AI isn't coming, it's already here. And in most businesses, it's running well ahead of any kind of governance.
To get a clearer picture of what that means in practice (and what to actually do about it!) we sat down with three experts:
Operational AI consultant
VP Operations
AI and Data Protection Advisor at Trust Keith
TL;DR
AI adoption is outpacing governance in most businesses. Employees are already using tools you haven't approved, building automations nobody's tracking, and sharing data you don't have visibility of. The fix isn't a 50-page policy nobody reads, it's lightweight, practical governance that makes it easy for people to do the right thing. Start with an AI audit, build a living inventory, get a policy in place, and distribute ownership across the business. The goal isn't to slow things down, it's to use AI properly.
The shift this year isn't subtle. Business leaders who were watching from the sidelines are now actively experimenting. Teams are building real things.

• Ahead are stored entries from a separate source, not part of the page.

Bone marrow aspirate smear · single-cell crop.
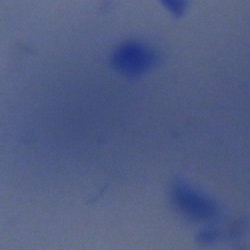 Morphology consistent with an artefact.
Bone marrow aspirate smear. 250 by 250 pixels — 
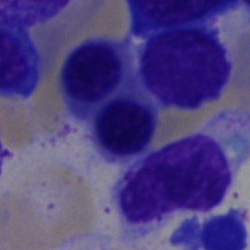

Cell = nucleated red blood cell.
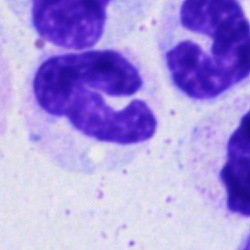 Cell: neutrophil (segmented).
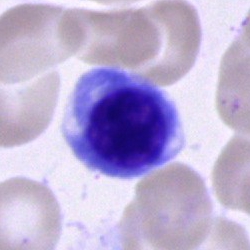 Morphology consistent with a nucleated red blood cell.
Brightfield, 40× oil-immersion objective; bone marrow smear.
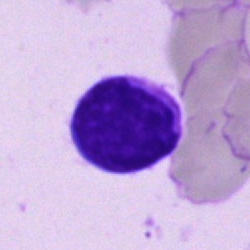Morphological class — typical lymphocyte.
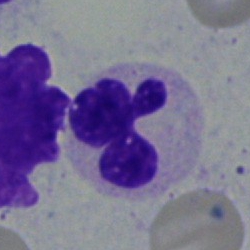A segmented neutrophil on a bone marrow smear.
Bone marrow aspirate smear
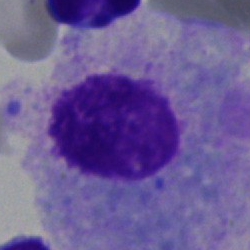 Showing an artefact.
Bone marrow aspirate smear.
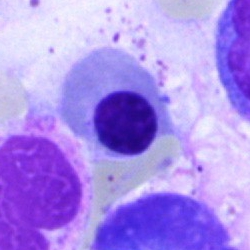
Q: What is shown here?
A: This is a nucleated red cell.
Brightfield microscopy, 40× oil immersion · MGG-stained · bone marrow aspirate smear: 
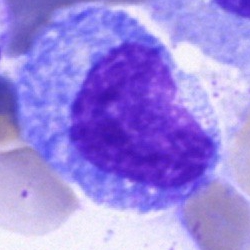

A promyelocyte.
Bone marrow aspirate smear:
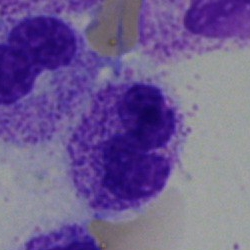

The cell type is neutrophil (segmented).
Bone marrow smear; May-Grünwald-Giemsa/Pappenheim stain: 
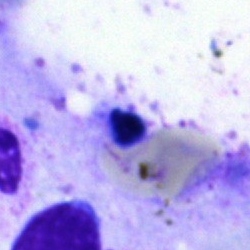
Q: What is shown here?
A: Artefact.
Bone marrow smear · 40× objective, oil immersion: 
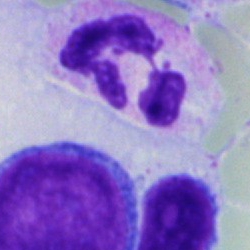Cell — neutrophil (segmented).
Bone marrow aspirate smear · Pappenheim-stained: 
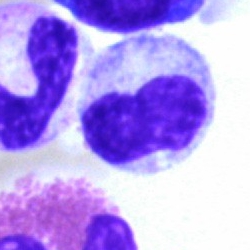
The cell type is stab cell.
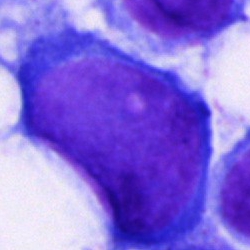
Q: Identify the cell.
A: A pronormoblast.
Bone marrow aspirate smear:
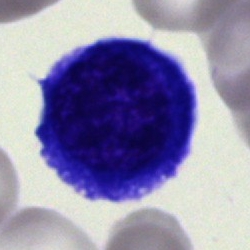Morphology consistent with an erythroblast.
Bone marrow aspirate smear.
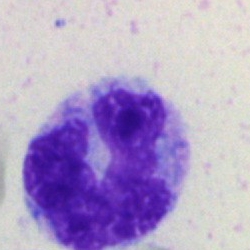Specimen: bone marrow aspirate smear.
Cell type: monocyte.
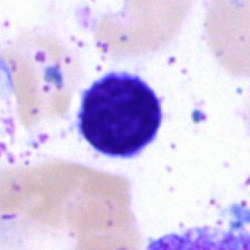

Morphological class — typical lymphocyte.
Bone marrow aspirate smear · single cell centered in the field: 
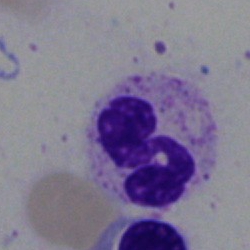Q: What type of cell is this?
A: This is a segmented neutrophil.
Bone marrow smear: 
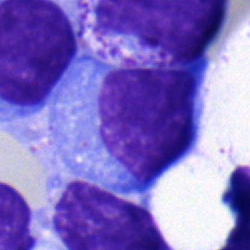Cell — plasma cell.
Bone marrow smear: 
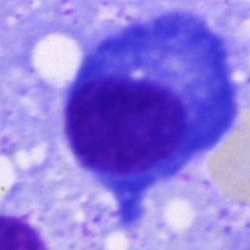Impression → plasma cell.
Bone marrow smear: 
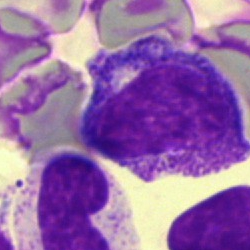A myelocyte.
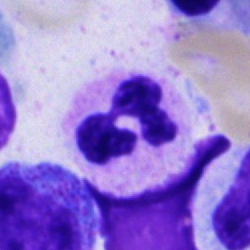

Specimen: bone marrow aspirate smear.
Cell type: segmented neutrophil.
Lineage: myeloid.
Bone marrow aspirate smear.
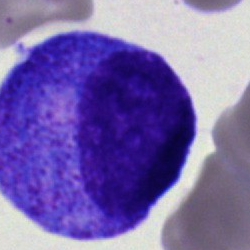
Cell type: progranulocyte.
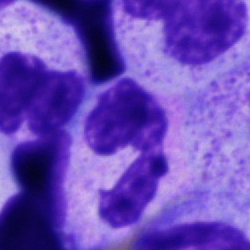 Single cell identified as a polymorphonuclear neutrophil.
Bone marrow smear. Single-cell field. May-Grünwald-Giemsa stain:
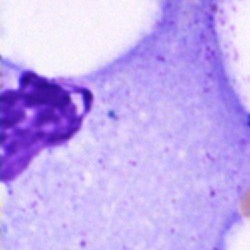

Specimen: bone marrow smear.
Cell: artifact.
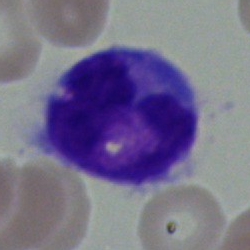Specimen: bone marrow aspirate smear.
Cell: monocyte.
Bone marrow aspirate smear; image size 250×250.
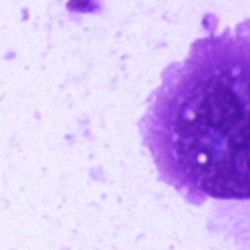
Morphology — artifact.
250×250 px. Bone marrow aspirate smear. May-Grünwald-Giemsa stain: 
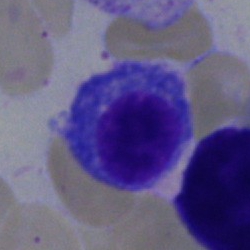

This is a plasma cell.
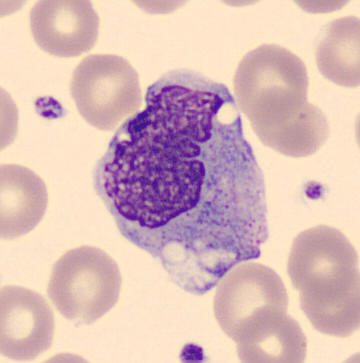
Peripheral blood smear.
The cell is monocyte.
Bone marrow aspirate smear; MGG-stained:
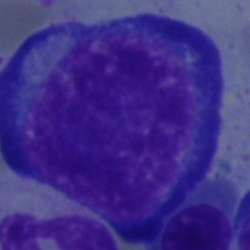

Morphological class = proerythroblast.
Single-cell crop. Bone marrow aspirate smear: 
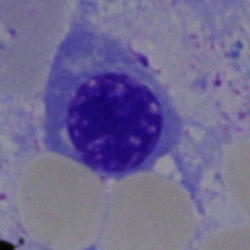
Morphological class = nucleated red cell.
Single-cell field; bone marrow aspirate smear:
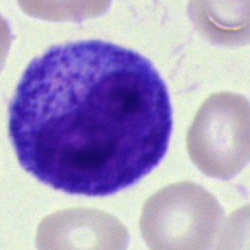
Morphology consistent with a progranulocyte.
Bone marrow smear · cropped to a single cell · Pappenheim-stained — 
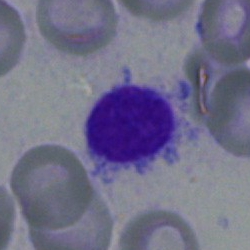
Lymphocyte.
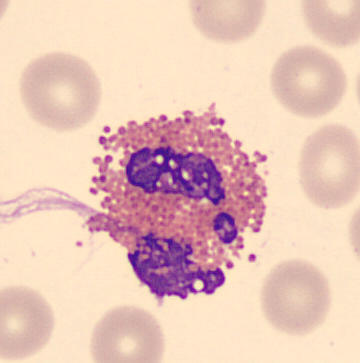 Image: May Grünwald-Giemsa stain; peripheral blood smear; CellaVision DM96.
Single cell identified as an eosinophilic granulocyte.
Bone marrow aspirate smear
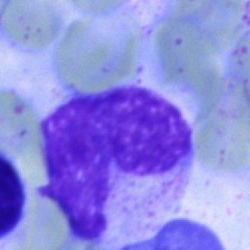 A band neutrophil.
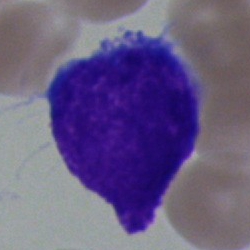

Q: What is shown here?
A: Undifferentiated blast.
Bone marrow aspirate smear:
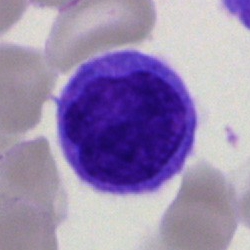 Typical lymphocyte.
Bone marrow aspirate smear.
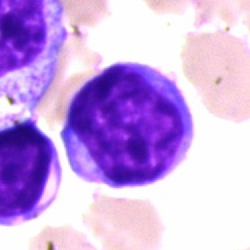Q: What cell is this?
A: This is a lymphocyte.
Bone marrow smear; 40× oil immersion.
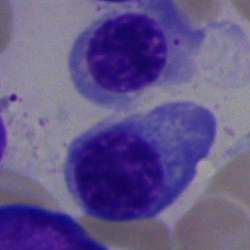
Showing a nucleated red blood cell.
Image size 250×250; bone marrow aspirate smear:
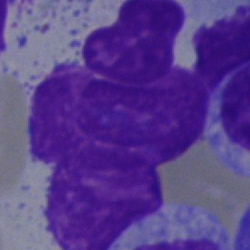Classification — artifact.
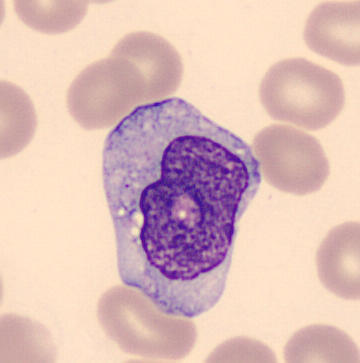
{"cell_type": "monocyte"}
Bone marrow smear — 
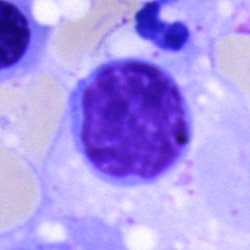 Morphology → typical lymphocyte.
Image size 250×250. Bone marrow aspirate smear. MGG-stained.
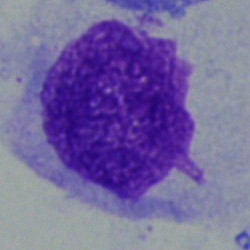

Morphology consistent with a blast.
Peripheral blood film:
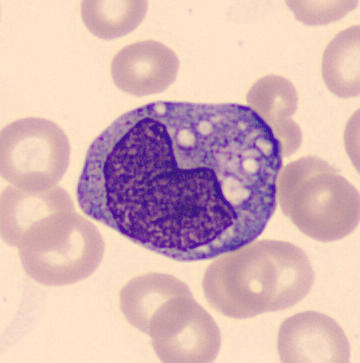Impression — monocyte.
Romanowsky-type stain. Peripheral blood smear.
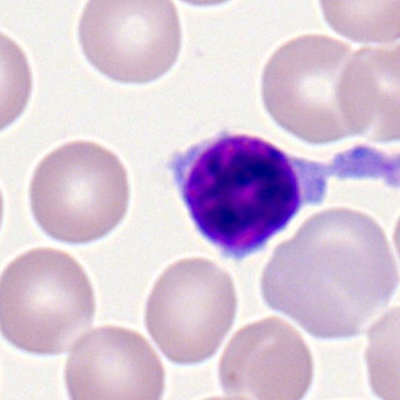Specimen: peripheral blood film.
Morphological class: lymphocyte.
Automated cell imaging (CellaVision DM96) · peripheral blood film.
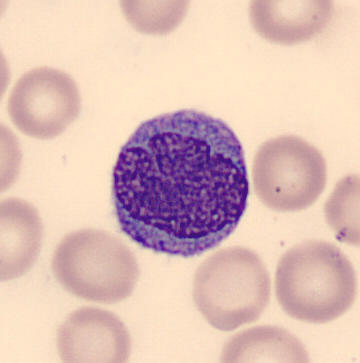 Q: Which cell type is shown here?
A: This is a monocyte.
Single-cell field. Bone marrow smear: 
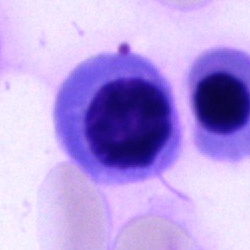

Cell = nucleated red blood cell.
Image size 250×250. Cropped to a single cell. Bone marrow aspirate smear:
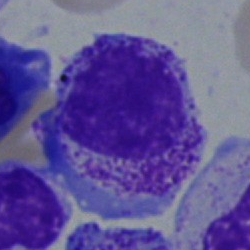

{"cell_type": "myelocyte", "lineage": "myeloid"}
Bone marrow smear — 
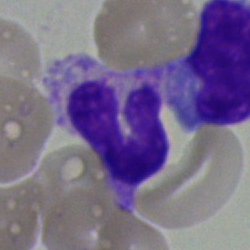

Specimen: bone marrow aspirate smear.
Cell: band neutrophil.
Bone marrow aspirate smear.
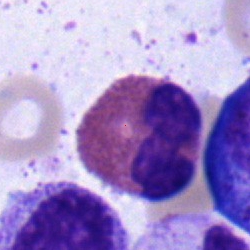Q: What type of cell is this?
A: An eosinophilic granulocyte.
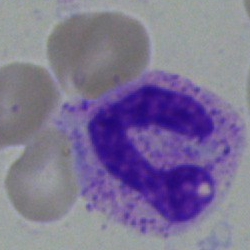The classification is neutrophil (band).
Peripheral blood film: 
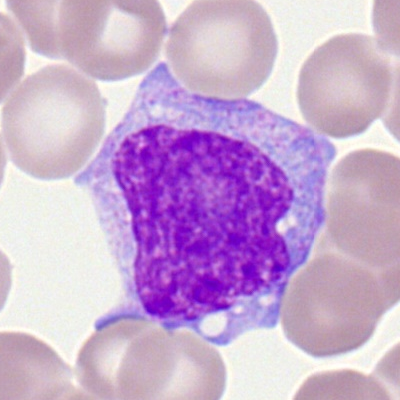 Impression — monocyte.
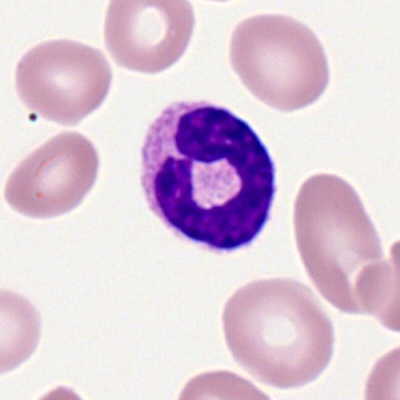{"cell_type": "band-form neutrophil"}
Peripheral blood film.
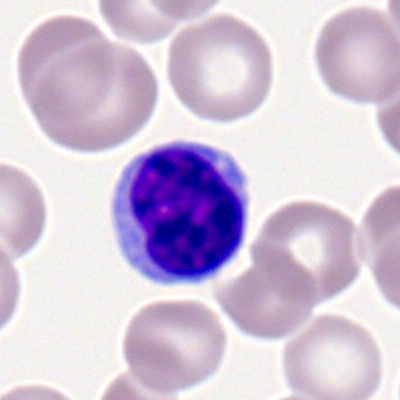Cell: lymphocyte.
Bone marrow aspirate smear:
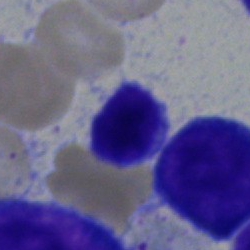 Specimen: bone marrow aspirate smear.
Classification: typical lymphocyte.
Lineage: lymphoid.
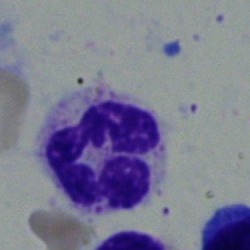

A neutrophil (segmented).
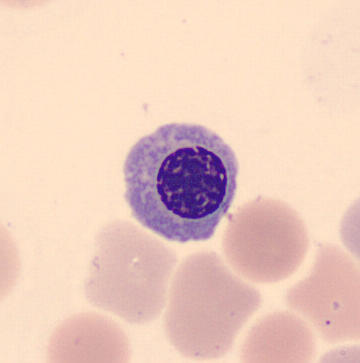Image: Peripheral blood film. 360×363 px. Q: Which cell type is shown here?
A: A nucleated red blood cell.
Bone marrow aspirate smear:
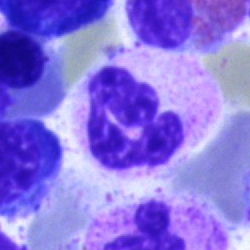The cell type is neutrophil (segmented).
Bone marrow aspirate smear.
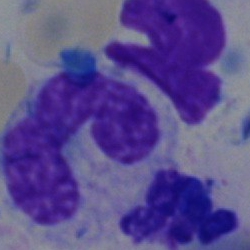
Impression — monocyte.
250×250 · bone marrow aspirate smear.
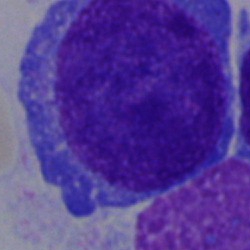

The cell type is undifferentiated blast.
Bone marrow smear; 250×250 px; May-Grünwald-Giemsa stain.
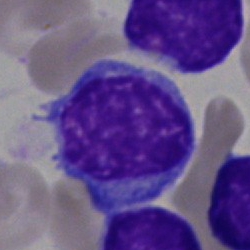Q: What cell is this?
A: A typical lymphocyte.
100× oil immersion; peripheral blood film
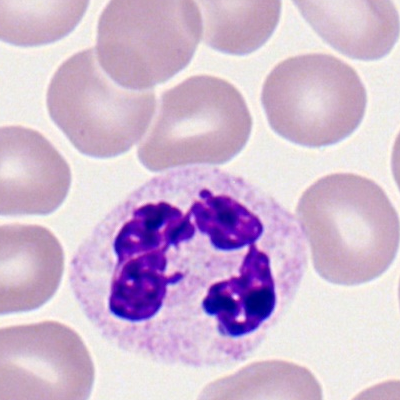 Q: What cell is this?
A: A segmented neutrophil.
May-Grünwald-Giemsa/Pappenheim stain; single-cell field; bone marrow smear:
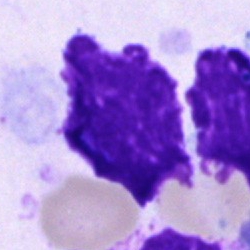 Q: What is shown here?
A: This is an artifact.
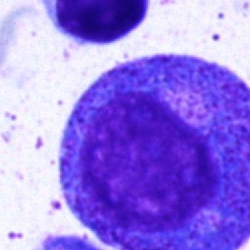Impression — progranulocyte.
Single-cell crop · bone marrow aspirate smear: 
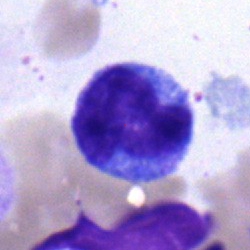
Q: What is shown here?
A: A monocyte.
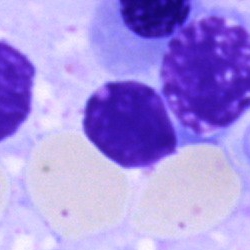
Impression → cell of indeterminate lineage.
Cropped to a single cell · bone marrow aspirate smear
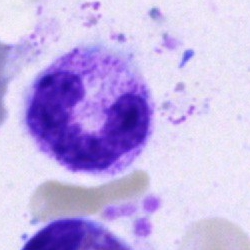
Q: Which cell type is shown here?
A: Neutrophil (band).
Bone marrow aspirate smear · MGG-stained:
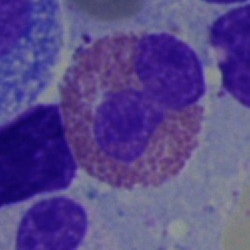
This is an eosinophil.
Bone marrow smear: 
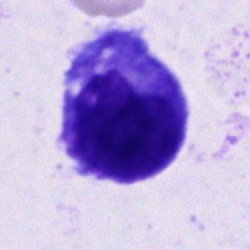

This is an unidentifiable cell.
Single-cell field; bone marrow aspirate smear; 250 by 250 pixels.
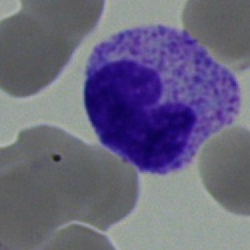 A neutrophil (band).
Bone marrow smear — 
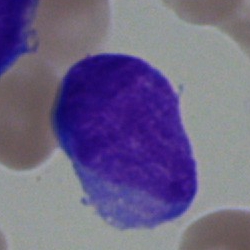

Morphology — undifferentiated blast.
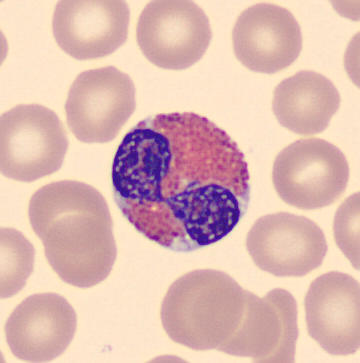
This is an eosinophilic granulocyte.

Acquisition: Peripheral blood film.
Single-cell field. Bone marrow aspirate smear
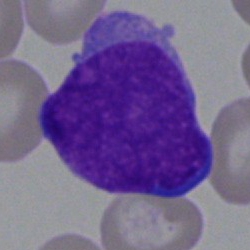

Single cell identified as an undifferentiated blast.
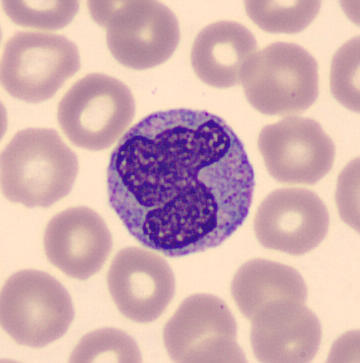

Image: Peripheral blood smear. Morphological class = monocyte.
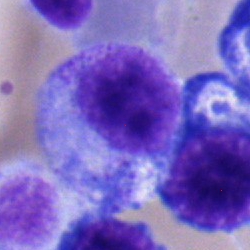Single cell identified as a myelocyte.
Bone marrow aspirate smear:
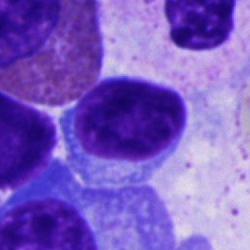
The cell shown is a typical lymphocyte.
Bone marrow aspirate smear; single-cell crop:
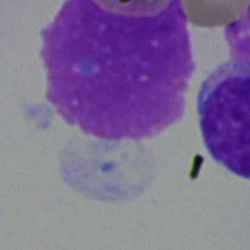 Impression → artifact.
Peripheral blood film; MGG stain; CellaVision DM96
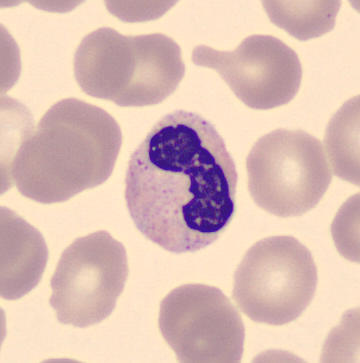

Q: What is this?
A: Stab cell.
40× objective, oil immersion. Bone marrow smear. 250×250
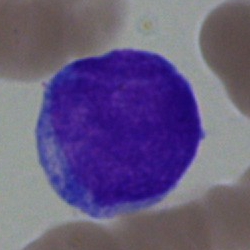 Undifferentiated blast.
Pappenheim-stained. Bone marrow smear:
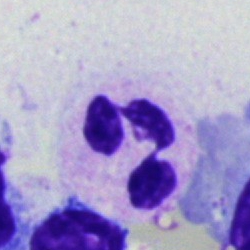Q: Which cell type is shown here?
A: It is a polymorphonuclear neutrophil.
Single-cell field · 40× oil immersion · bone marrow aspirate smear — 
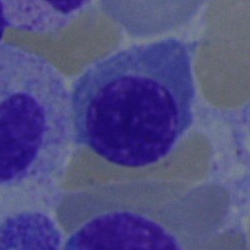Impression — normoblast.
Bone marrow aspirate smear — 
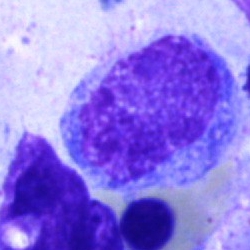Showing an unidentifiable cell.
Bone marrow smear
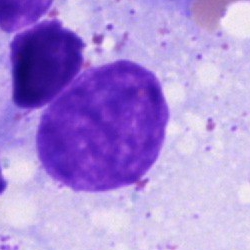

The cell is artefact.
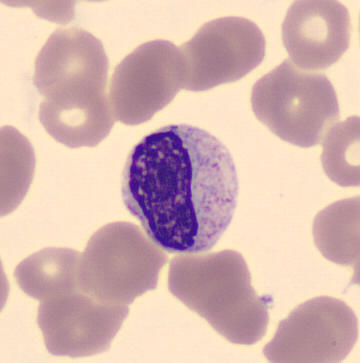Morphology consistent with a metamyelocyte.
Automated cell imaging (CellaVision DM96). Peripheral blood film.
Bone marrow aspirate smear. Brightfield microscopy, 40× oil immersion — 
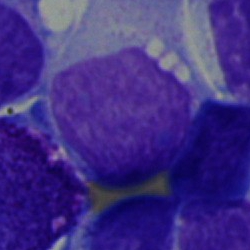

Showing a blast cell.
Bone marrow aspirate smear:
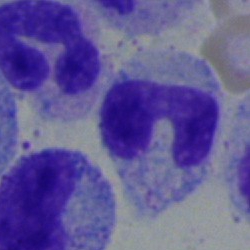

Showing a band neutrophil.
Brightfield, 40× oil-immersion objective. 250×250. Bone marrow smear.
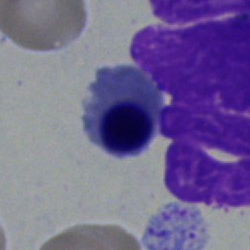The cell shown is an erythroblast.
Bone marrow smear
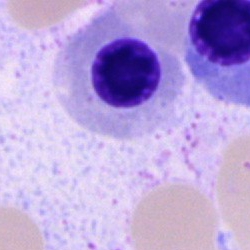
Specimen: bone marrow aspirate smear.
Classification: nucleated red blood cell.
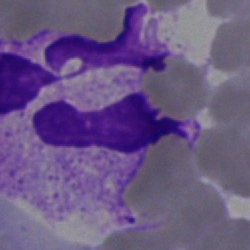Impression → neutrophil (segmented).
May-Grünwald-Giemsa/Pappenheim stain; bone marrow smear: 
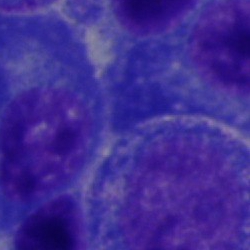

Classification: unidentifiable cell.

And AI has stopped being a chat box — it can now access data, take actions, send emails, run automations, and operate in the background without anyone actively prompting it.
That's exciting. It's also where the risk starts.
"The ability for your AI to have hands and tools and to start taking action is really exciting from an operational perspective. Obviously, that's something that needs to be very carefully managed."
Laura Rosenberger, Operational AI Consultant
Shadow AI is one of the most significant (and most underestimated!) risks facing businesses right now. It's what happens when employees use AI tools without any oversight, approval, or governance. And in most businesses, it's already widespread.
Nobody's being malicious. Someone pastes client data into a free LLM to summarise a meeting. An engineer shares a chunk of proprietary code with an AI assistant to debug it. A team member uploads internal notes into a tool without thinking about where that data goes. These things are happening every day, in businesses of every size, and most leadership teams have no visibility of it whatsoever.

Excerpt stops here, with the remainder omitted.